(WHAT THE EXERCISE ASKS) Using the records that appear below, write out exactly the lines from the one with "(519, 74), (713, 347)" through the one with "[tag] apples", keeping both end lines.

Data items:
──────

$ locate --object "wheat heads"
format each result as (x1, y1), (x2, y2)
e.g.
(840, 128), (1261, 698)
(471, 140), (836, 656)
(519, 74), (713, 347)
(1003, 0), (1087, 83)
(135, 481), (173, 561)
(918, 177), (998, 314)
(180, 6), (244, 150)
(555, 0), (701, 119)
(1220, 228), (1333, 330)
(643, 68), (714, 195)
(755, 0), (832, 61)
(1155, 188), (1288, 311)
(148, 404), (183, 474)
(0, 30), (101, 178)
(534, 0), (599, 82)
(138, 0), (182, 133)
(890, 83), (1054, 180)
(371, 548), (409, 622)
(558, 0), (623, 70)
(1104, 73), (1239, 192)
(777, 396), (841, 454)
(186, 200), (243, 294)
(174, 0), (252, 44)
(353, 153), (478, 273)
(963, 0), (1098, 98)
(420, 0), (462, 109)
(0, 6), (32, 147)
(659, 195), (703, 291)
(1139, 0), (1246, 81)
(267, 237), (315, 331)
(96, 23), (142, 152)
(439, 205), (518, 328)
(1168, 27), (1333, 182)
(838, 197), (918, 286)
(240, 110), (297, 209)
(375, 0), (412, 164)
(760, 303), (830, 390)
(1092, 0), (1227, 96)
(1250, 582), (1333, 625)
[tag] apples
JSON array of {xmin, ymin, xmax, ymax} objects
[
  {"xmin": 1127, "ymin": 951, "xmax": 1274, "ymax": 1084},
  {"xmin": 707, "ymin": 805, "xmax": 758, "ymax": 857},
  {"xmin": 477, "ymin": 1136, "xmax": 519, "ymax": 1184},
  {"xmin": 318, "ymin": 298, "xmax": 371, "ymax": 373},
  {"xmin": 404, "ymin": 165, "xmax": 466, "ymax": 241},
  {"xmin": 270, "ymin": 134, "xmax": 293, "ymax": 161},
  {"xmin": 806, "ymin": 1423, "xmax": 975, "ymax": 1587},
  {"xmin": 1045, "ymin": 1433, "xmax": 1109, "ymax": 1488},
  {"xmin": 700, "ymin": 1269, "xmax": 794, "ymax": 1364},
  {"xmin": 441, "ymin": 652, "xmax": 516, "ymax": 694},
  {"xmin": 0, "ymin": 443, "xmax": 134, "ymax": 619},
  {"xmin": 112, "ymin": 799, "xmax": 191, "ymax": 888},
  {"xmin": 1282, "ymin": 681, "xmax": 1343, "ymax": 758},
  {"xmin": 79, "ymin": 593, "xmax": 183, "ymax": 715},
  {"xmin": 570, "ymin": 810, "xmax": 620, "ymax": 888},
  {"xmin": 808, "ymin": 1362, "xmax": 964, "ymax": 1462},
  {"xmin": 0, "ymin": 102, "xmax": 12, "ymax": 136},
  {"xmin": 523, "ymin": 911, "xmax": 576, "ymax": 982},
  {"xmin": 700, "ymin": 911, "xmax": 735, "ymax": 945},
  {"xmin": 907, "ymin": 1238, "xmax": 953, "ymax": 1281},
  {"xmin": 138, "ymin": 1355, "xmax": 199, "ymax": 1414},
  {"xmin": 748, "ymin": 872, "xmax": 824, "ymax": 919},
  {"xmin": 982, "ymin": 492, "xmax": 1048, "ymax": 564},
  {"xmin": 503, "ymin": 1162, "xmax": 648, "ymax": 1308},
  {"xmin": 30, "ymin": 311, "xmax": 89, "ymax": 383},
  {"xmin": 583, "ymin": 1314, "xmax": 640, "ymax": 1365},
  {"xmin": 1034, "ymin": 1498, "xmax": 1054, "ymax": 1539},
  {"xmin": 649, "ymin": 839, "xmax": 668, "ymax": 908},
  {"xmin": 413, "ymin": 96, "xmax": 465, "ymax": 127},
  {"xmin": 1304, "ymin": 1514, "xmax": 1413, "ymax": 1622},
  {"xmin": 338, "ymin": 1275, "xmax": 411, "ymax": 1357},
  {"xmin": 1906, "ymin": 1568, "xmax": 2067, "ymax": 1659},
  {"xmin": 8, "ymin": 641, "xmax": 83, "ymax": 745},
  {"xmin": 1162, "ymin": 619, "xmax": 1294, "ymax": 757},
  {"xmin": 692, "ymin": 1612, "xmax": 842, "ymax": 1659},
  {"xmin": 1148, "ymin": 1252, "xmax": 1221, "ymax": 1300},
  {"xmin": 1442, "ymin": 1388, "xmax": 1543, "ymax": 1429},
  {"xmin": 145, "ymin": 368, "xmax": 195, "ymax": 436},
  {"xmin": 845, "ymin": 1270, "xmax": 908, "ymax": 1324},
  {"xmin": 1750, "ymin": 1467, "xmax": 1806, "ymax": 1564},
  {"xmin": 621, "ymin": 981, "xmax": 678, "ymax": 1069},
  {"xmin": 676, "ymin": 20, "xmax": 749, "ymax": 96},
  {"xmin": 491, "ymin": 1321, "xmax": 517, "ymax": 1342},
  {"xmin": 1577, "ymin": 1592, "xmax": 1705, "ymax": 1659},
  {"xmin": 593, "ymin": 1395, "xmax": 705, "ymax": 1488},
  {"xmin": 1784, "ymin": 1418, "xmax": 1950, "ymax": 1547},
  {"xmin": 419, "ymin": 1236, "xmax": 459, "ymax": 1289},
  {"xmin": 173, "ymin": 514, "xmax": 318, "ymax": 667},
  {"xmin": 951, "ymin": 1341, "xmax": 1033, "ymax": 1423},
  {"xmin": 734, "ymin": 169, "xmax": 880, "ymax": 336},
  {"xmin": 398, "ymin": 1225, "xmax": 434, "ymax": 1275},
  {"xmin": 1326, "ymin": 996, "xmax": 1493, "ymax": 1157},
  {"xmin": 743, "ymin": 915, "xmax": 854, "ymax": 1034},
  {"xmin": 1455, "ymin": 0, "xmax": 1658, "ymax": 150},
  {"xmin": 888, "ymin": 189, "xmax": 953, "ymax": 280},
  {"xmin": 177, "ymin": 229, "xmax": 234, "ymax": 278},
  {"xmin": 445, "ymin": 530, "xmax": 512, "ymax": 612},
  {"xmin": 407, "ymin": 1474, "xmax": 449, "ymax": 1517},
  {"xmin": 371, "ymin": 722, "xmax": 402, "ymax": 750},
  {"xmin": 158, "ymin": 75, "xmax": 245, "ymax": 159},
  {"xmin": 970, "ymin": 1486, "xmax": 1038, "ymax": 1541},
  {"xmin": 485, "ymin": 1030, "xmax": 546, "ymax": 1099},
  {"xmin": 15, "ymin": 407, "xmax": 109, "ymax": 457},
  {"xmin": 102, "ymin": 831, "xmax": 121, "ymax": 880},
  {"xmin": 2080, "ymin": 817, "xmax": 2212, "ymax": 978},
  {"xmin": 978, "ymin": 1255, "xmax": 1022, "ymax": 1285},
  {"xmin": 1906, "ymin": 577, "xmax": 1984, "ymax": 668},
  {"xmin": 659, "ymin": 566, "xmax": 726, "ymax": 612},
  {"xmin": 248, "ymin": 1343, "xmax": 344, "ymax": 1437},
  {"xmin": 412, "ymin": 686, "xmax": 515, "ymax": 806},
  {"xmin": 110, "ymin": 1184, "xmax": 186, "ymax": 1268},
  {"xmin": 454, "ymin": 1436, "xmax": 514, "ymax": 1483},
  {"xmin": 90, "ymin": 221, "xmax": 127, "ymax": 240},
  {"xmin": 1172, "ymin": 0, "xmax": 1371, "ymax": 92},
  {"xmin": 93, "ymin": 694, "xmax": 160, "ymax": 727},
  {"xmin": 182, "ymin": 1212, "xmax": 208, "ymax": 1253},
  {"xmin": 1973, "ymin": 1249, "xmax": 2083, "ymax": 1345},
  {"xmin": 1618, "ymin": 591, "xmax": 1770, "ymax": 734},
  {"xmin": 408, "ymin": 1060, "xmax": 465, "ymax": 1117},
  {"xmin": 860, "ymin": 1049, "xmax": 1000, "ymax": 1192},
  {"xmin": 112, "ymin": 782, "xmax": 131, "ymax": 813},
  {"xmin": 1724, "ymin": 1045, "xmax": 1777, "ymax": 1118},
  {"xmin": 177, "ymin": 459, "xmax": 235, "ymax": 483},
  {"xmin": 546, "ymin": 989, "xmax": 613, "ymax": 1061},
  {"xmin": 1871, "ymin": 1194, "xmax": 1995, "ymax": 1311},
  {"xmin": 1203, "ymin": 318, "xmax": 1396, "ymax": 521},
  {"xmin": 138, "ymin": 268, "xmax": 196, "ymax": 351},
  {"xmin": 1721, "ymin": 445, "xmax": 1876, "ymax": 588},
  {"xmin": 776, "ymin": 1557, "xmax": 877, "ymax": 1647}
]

──────

(ANSWER SPACE)
(519, 74), (713, 347)
(1003, 0), (1087, 83)
(135, 481), (173, 561)
(918, 177), (998, 314)
(180, 6), (244, 150)
(555, 0), (701, 119)
(1220, 228), (1333, 330)
(643, 68), (714, 195)
(755, 0), (832, 61)
(1155, 188), (1288, 311)
(148, 404), (183, 474)
(0, 30), (101, 178)
(534, 0), (599, 82)
(138, 0), (182, 133)
(890, 83), (1054, 180)
(371, 548), (409, 622)
(558, 0), (623, 70)
(1104, 73), (1239, 192)
(777, 396), (841, 454)
(186, 200), (243, 294)
(174, 0), (252, 44)
(353, 153), (478, 273)
(963, 0), (1098, 98)
(420, 0), (462, 109)
(0, 6), (32, 147)
(659, 195), (703, 291)
(1139, 0), (1246, 81)
(267, 237), (315, 331)
(96, 23), (142, 152)
(439, 205), (518, 328)
(1168, 27), (1333, 182)
(838, 197), (918, 286)
(240, 110), (297, 209)
(375, 0), (412, 164)
(760, 303), (830, 390)
(1092, 0), (1227, 96)
(1250, 582), (1333, 625)
[tag] apples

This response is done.